───── Provided records
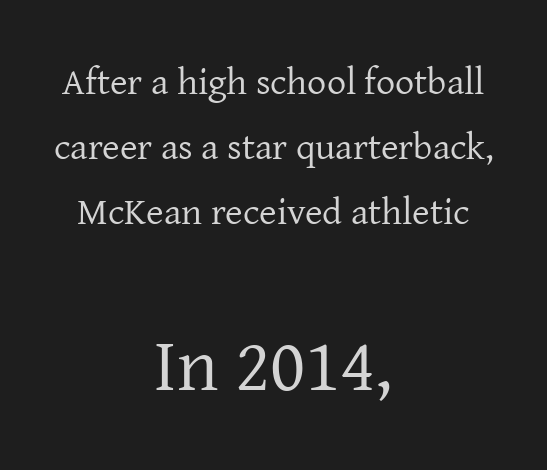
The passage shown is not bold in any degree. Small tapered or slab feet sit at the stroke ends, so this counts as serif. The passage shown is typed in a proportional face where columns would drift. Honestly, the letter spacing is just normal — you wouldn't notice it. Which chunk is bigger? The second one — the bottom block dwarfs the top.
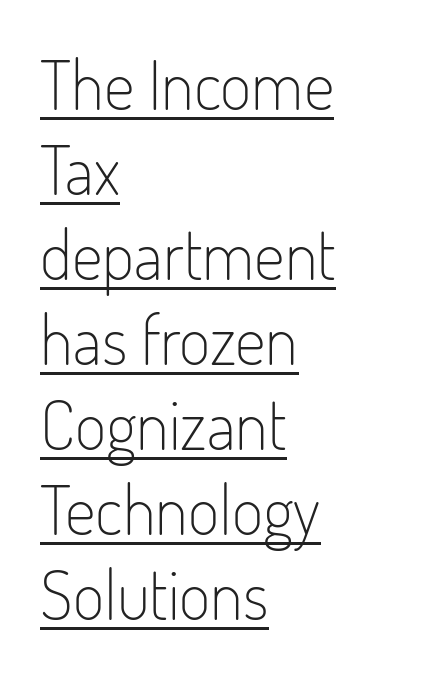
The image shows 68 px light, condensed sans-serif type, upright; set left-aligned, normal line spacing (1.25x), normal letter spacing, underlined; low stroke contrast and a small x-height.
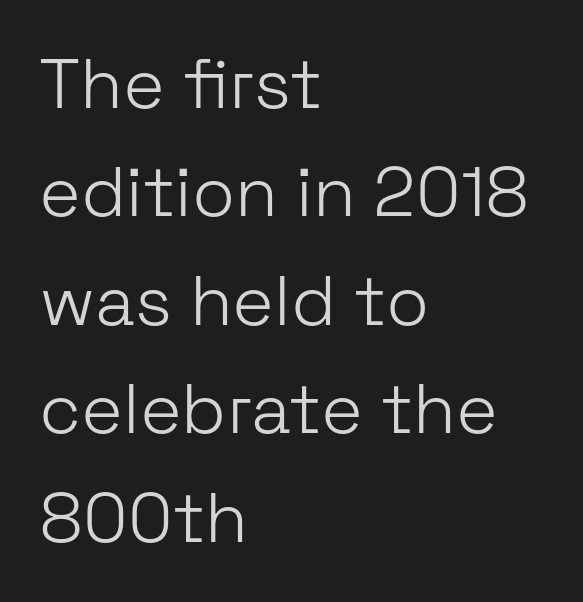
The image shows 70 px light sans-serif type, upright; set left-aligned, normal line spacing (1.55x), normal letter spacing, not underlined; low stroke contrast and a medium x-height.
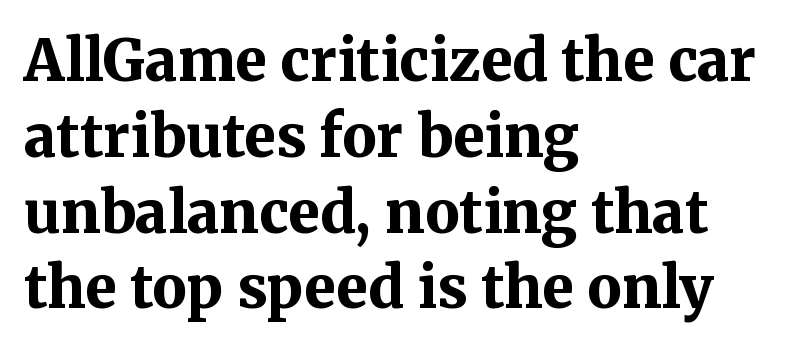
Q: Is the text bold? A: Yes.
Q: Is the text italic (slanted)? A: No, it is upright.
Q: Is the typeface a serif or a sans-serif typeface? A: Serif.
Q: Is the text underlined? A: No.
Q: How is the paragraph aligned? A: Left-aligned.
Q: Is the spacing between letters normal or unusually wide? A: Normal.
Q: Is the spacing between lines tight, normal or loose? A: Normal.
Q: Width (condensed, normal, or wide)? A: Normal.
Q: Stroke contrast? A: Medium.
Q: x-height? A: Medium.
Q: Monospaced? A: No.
──────────
───── Provided records
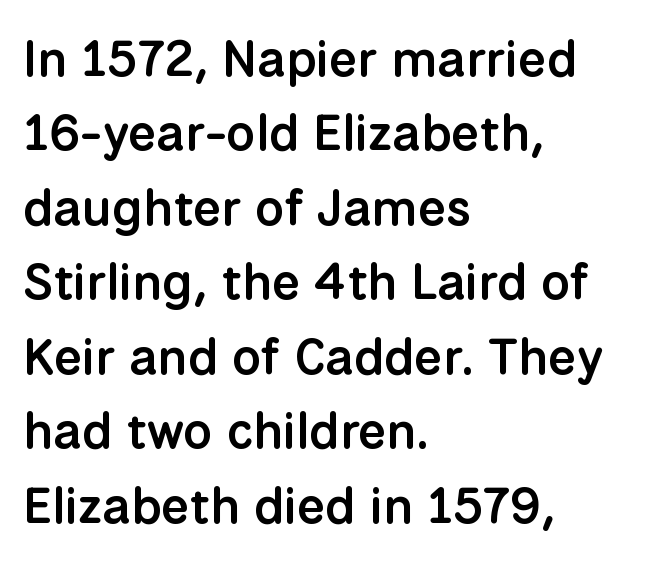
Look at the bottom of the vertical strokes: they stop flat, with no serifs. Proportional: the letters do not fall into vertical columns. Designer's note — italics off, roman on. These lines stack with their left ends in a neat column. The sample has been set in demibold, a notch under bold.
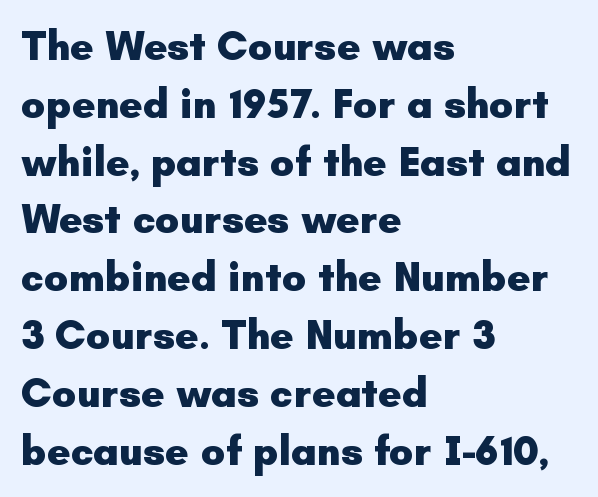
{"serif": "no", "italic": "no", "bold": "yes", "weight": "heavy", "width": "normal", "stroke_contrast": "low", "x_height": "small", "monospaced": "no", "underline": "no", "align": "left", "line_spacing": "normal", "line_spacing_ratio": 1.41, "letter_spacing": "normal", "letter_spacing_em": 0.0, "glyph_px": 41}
──────────
Using the records above, return verbatim only the part that opens with the line containing "The passage shown is not" and closes with the line containing "Q: Is the text underlined? A: No."; pictures stay out.

The passage shown is not bold in any degree. Small tapered or slab feet sit at the stroke ends, so this counts as serif. The passage shown is typed in a proportional face where columns would drift. Honestly, the letter spacing is just normal — you wouldn't notice it. Which chunk is bigger? The second one — the bottom block dwarfs the top.
The image shows 68 px light, condensed sans-serif type, upright; set left-aligned, normal line spacing (1.25x), normal letter spacing, underlined; low stroke contrast and a small x-height.
The image shows 70 px light sans-serif type, upright; set left-aligned, normal line spacing (1.55x), normal letter spacing, not underlined; low stroke contrast and a medium x-height.
Q: Is the text bold? A: Yes.
Q: Is the text italic (slanted)? A: No, it is upright.
Q: Is the typeface a serif or a sans-serif typeface? A: Serif.
Q: Is the text underlined? A: No.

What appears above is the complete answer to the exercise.